EXTRACTED RECORDS:
- - - -

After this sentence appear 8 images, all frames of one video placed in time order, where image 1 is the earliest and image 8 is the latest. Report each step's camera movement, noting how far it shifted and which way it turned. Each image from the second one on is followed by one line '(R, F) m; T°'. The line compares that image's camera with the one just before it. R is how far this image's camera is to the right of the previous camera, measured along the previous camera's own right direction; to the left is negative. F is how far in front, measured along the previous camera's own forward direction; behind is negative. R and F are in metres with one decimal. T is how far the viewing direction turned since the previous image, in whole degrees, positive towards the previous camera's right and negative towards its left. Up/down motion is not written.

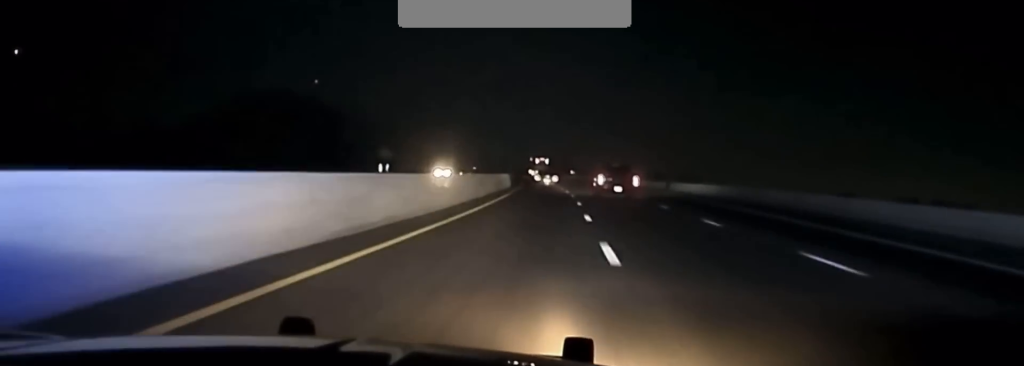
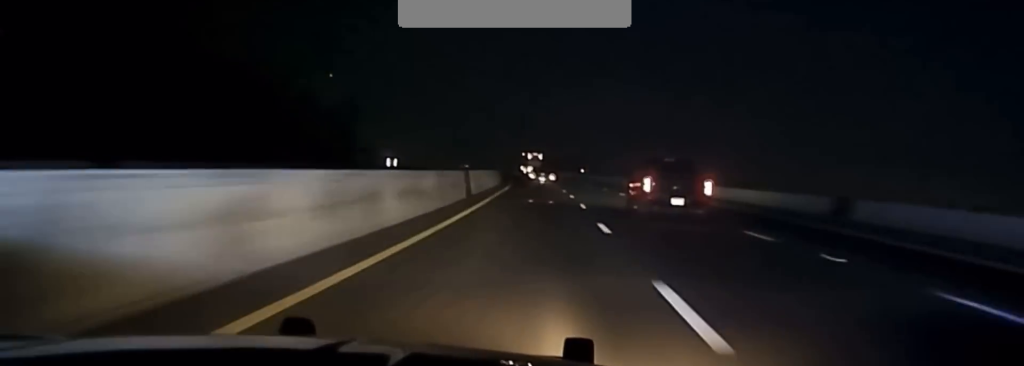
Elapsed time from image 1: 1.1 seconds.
(-0.3, +45.1) m; -1°
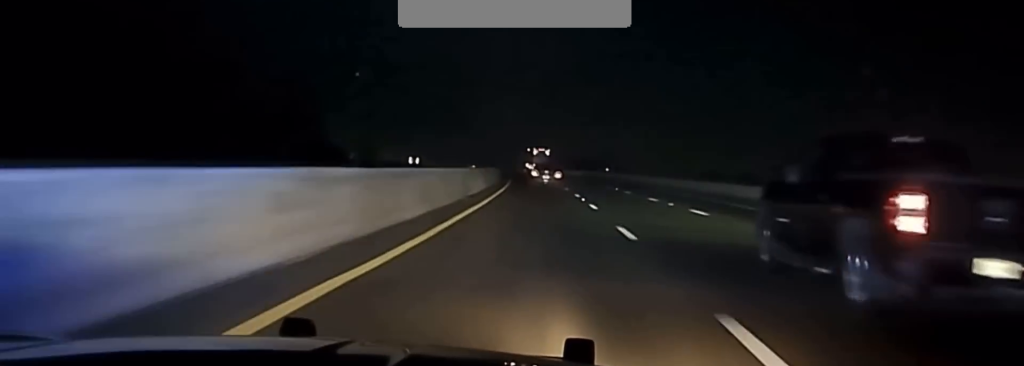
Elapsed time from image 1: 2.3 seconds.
(-0.5, +46.0) m; -1°
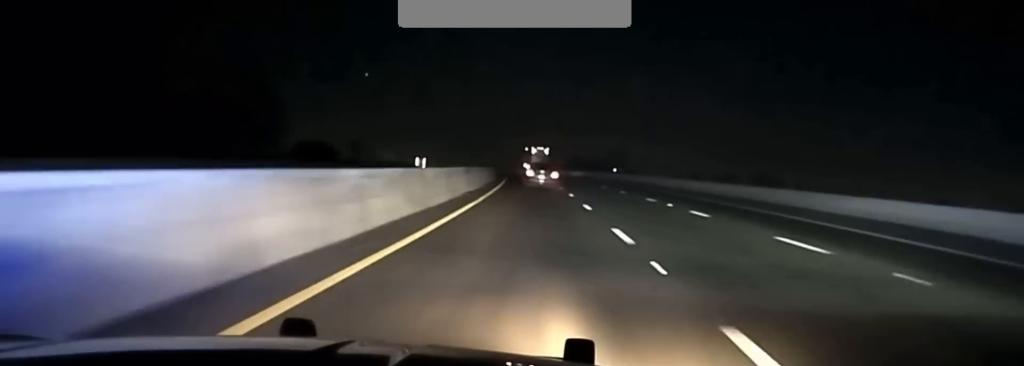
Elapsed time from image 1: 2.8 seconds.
(-0.1, +24.6) m; -1°
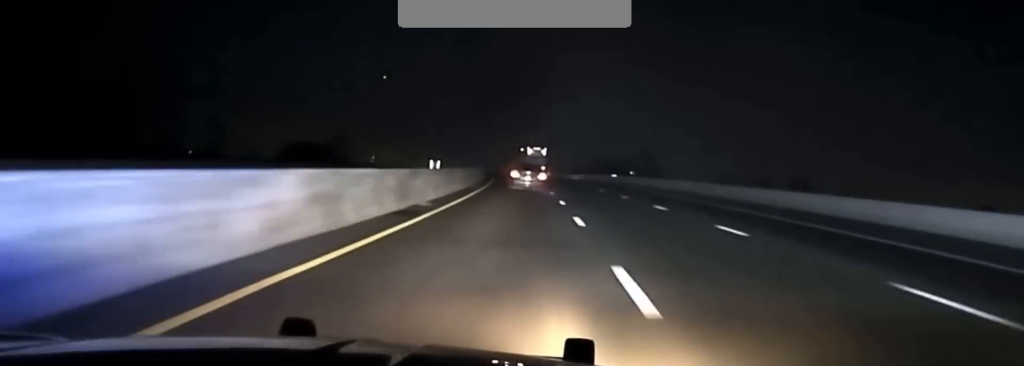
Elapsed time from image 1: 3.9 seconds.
(-0.5, +47.7) m; -1°
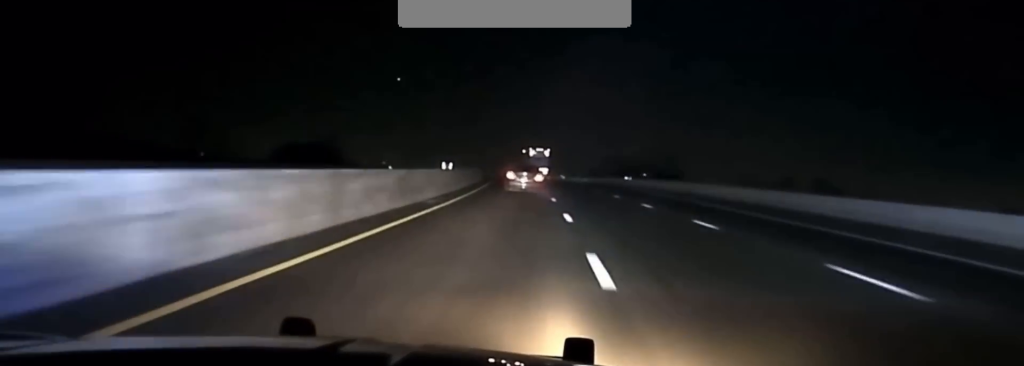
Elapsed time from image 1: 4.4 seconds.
(-0.1, +26.4) m; 0°
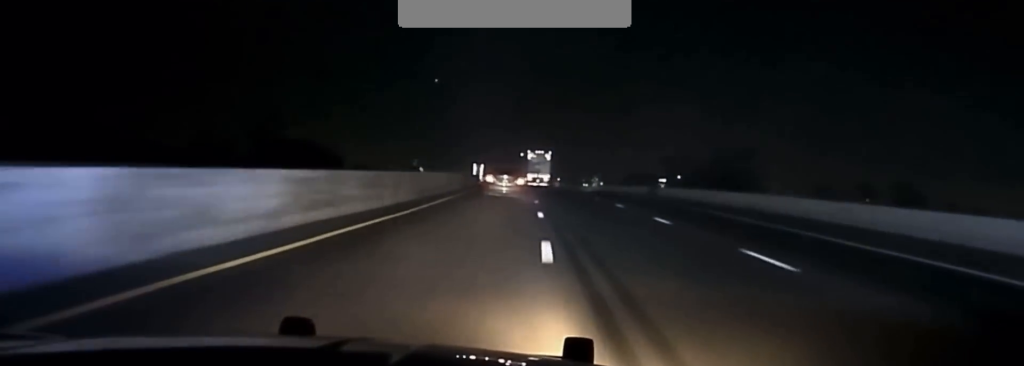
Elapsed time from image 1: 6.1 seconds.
(-1.0, +80.0) m; -2°
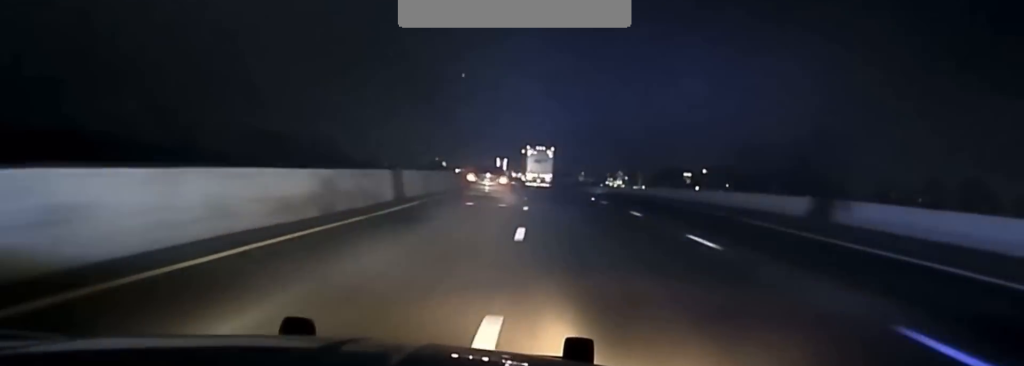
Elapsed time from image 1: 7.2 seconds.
(-1.0, +47.5) m; -2°

- - - -

WHAT YOU WILL DO: Leave the images aside and transcribe all entries exactly.

EXERCISE SOLUTION:
After this sentence appear 8 images, all frames of one video placed in time order, where image 1 is the earliest and image 8 is the latest. Report each step's camera movement, noting how far it shifted and which way it turned. Each image from the second one on is followed by one line '(R, F) m; T°'. The line compares that image's camera with the one just before it. R is how far this image's camera is to the right of the previous camera, measured along the previous camera's own right direction; to the left is negative. F is how far in front, measured along the previous camera's own forward direction; behind is negative. R and F are in metres with one decimal. T is how far the viewing direction turned since the previous image, in whole degrees, positive towards the previous camera's right and negative towards its left. Up/down motion is not written.

Elapsed time from image 1: 1.1 seconds.
(-0.3, +45.1) m; -1°
Elapsed time from image 1: 2.3 seconds.
(-0.5, +46.0) m; -1°
Elapsed time from image 1: 2.8 seconds.
(-0.1, +24.6) m; -1°
Elapsed time from image 1: 3.9 seconds.
(-0.5, +47.7) m; -1°
Elapsed time from image 1: 4.4 seconds.
(-0.1, +26.4) m; 0°
Elapsed time from image 1: 6.1 seconds.
(-1.0, +80.0) m; -2°
Elapsed time from image 1: 7.2 seconds.
(-1.0, +47.5) m; -2°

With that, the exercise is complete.